■ **TASK TO CARRY OUT**
Would you reproduce each of the records below precisely, with the pictures left out?

(Recorded data)
···

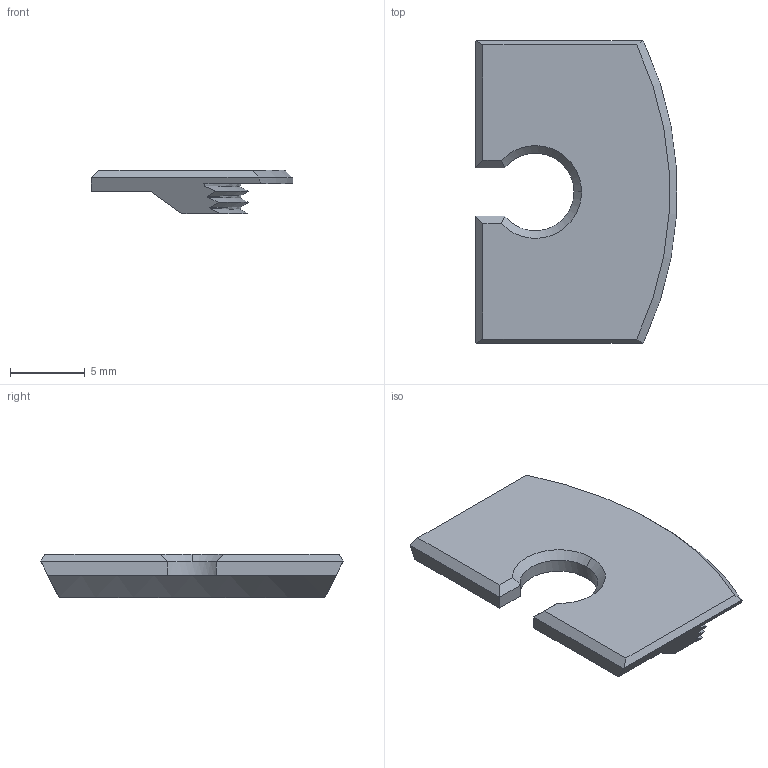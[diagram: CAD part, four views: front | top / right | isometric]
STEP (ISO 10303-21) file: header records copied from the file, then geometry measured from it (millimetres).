
FILE_DESCRIPTION(('HOOPS Exchange Step'),'2;1');
FILE_NAME('temp_export','2023-06-27T15:24:27-04:00',('gmoua'),('Shapr3D Limited'),'HOOPS Exchange 2022.2','Shapr3D','Authorized');
FILE_SCHEMA( ('AUTOMOTIVE_DESIGN { 1 0 10303 214 1 1 1 1 }') );
Length unit declared in the file: millimetre
Products named in the file (1): 43mm Lens Cap Tab R
Bounding box: 13.45 x 20.23 x 2.9 mm (x, y, z)
Volume: 358.7 mm3; surface area: 624.6 mm2
Topology: 1 solids, 1 shells, 32 faces, 86 edges, 56 vertices
Faces by surface type: plane 16, cone 11, cylinder 5
Entity records: 1198 total; most frequent: CARTESIAN_POINT 397, ORIENTED_EDGE 172, DIRECTION 151, EDGE_CURVE 86, AXIS2_PLACEMENT_3D 57, VERTEX_POINT 56, VECTOR 37, LINE 37

···

■ **EXPECTED ANSWER**
[diagram: CAD part, four views: front | top / right | isometric]
STEP (ISO 10303-21) file: header records copied from the file, then geometry measured from it (millimetres).
FILE_DESCRIPTION(('HOOPS Exchange Step'),'2;1');
FILE_NAME('temp_export','2023-06-27T15:24:27-04:00',('gmoua'),('Shapr3D Limited'),'HOOPS Exchange 2022.2','Shapr3D','Authorized');
FILE_SCHEMA( ('AUTOMOTIVE_DESIGN { 1 0 10303 214 1 1 1 1 }') );
Length unit declared in the file: millimetre
Products named in the file (1): 43mm Lens Cap Tab R
Bounding box: 13.45 x 20.23 x 2.9 mm (x, y, z)
Volume: 358.7 mm3; surface area: 624.6 mm2
Topology: 1 solids, 1 shells, 32 faces, 86 edges, 56 vertices
Faces by surface type: plane 16, cone 11, cylinder 5
Entity records: 1198 total; most frequent: CARTESIAN_POINT 397, ORIENTED_EDGE 172, DIRECTION 151, EDGE_CURVE 86, AXIS2_PLACEMENT_3D 57, VERTEX_POINT 56, VECTOR 37, LINE 37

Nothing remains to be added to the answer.